* Task requirements
What is needed is an exact copy of the lines from the one containing "Since image 1: 0.7 s." through the last line of the records, with no pictures.

* Exercise material
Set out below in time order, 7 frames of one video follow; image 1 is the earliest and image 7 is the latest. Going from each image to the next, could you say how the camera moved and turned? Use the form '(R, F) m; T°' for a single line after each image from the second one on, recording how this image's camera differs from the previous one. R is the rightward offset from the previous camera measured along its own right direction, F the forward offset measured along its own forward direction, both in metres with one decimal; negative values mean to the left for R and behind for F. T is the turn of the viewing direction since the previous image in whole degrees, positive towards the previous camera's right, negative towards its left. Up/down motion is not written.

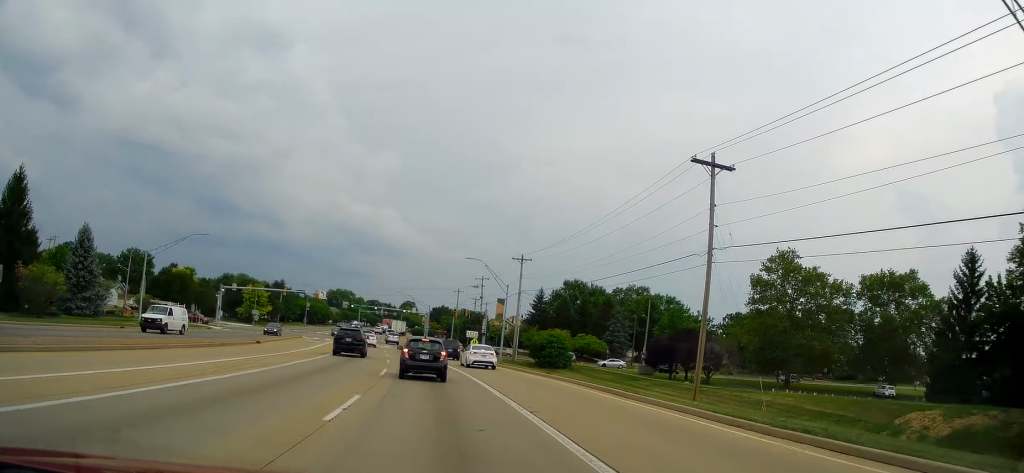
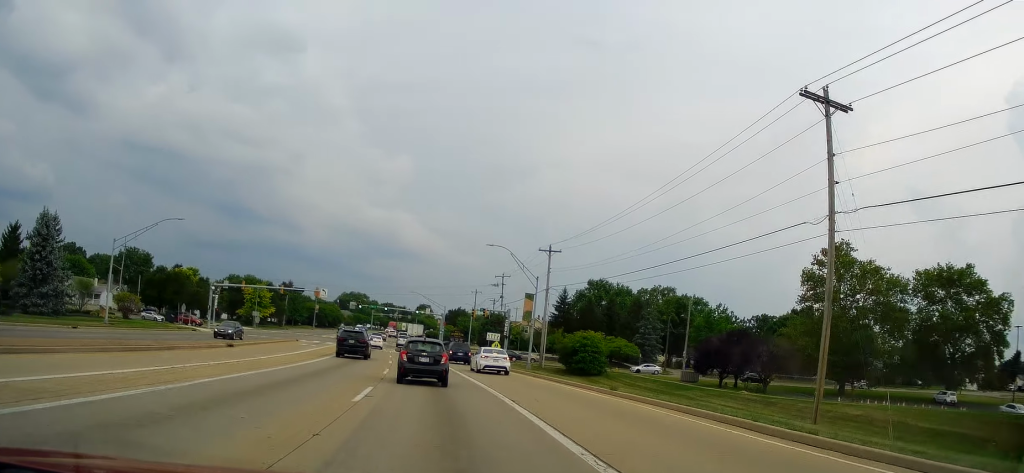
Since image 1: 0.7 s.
(0.0, +9.5) m; -1°
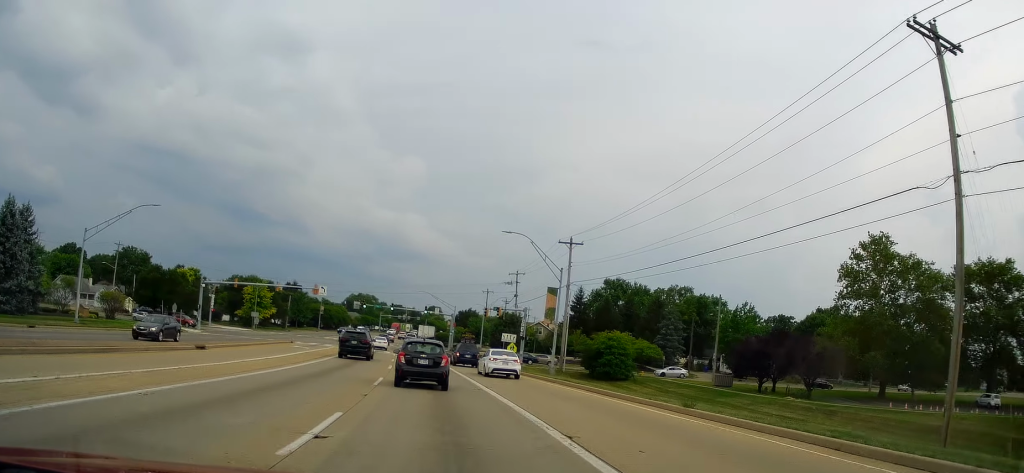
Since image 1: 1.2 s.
(+0.2, +6.3) m; -1°
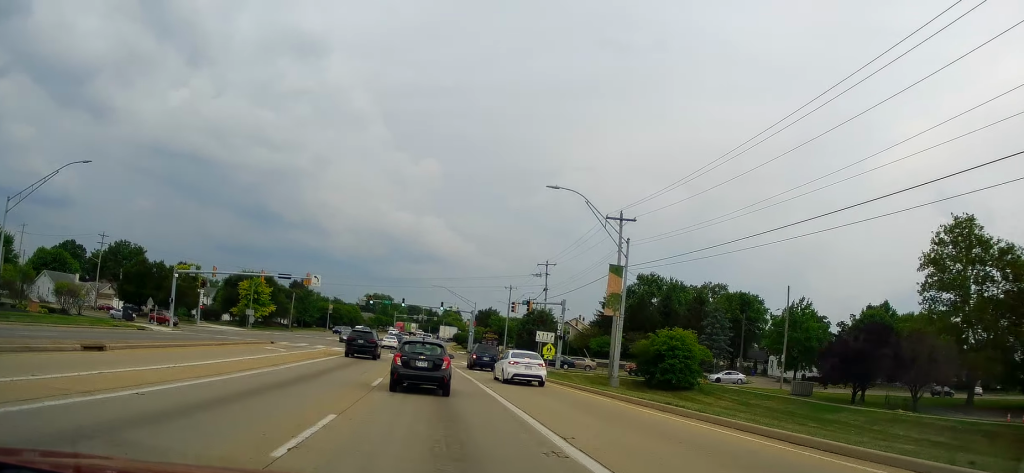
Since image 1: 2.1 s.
(-0.5, +12.3) m; -2°
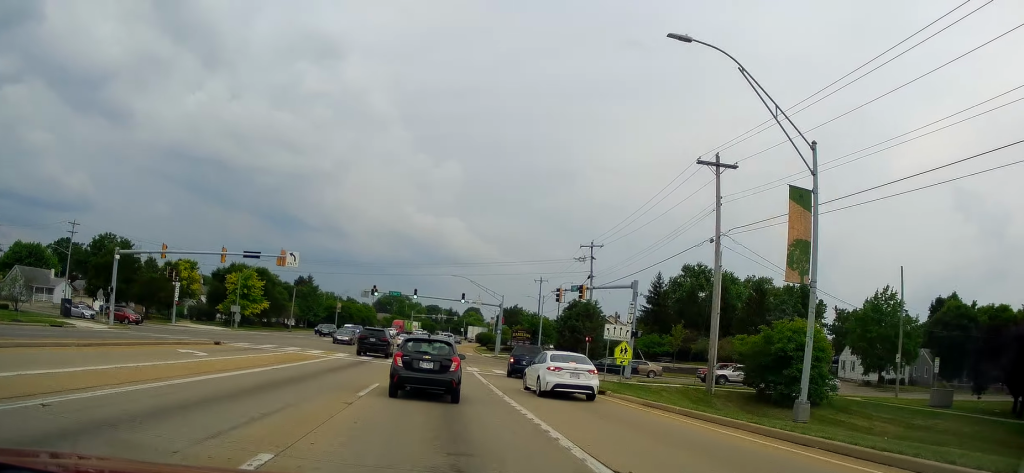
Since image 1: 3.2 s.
(-0.2, +15.8) m; -4°
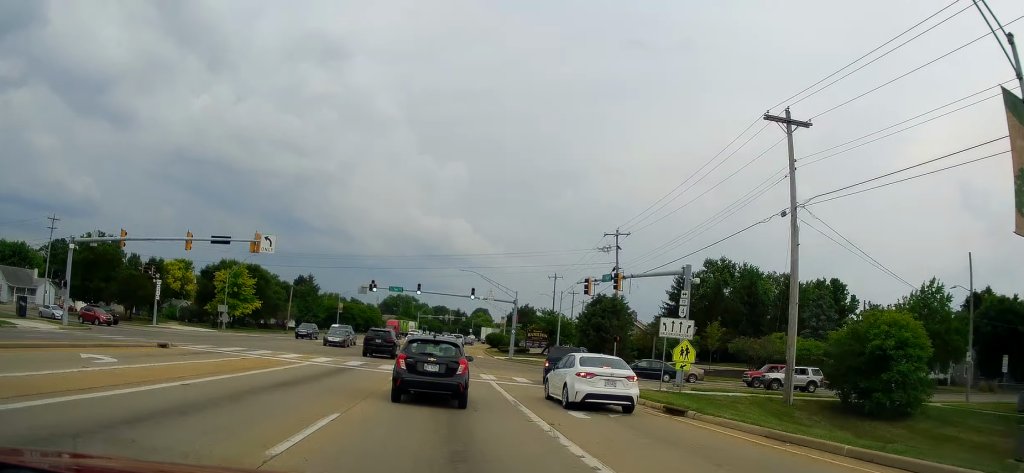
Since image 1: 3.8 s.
(-0.4, +7.9) m; 0°
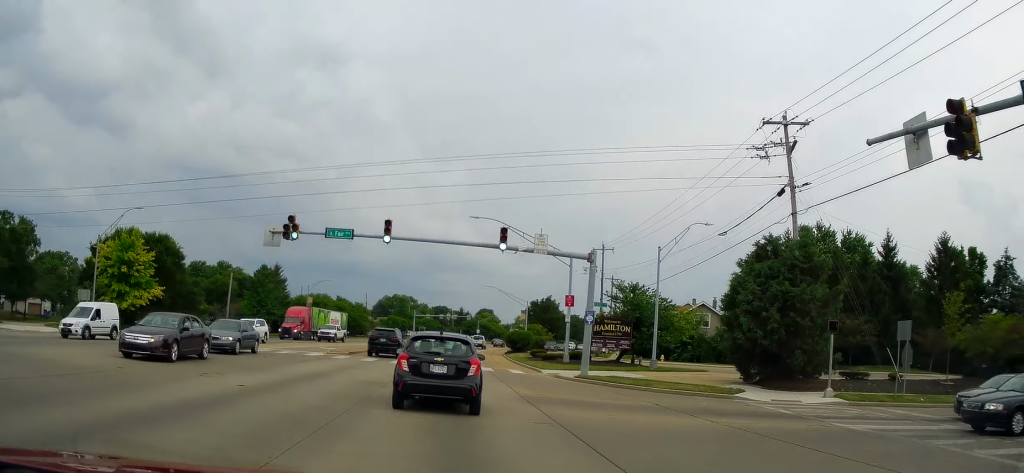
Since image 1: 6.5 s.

* Finished task
Since image 1: 0.7 s.
(0.0, +9.5) m; -1°
Since image 1: 1.2 s.
(+0.2, +6.3) m; -1°
Since image 1: 2.1 s.
(-0.5, +12.3) m; -2°
Since image 1: 3.2 s.
(-0.2, +15.8) m; -4°
Since image 1: 3.8 s.
(-0.4, +7.9) m; 0°
Since image 1: 6.5 s.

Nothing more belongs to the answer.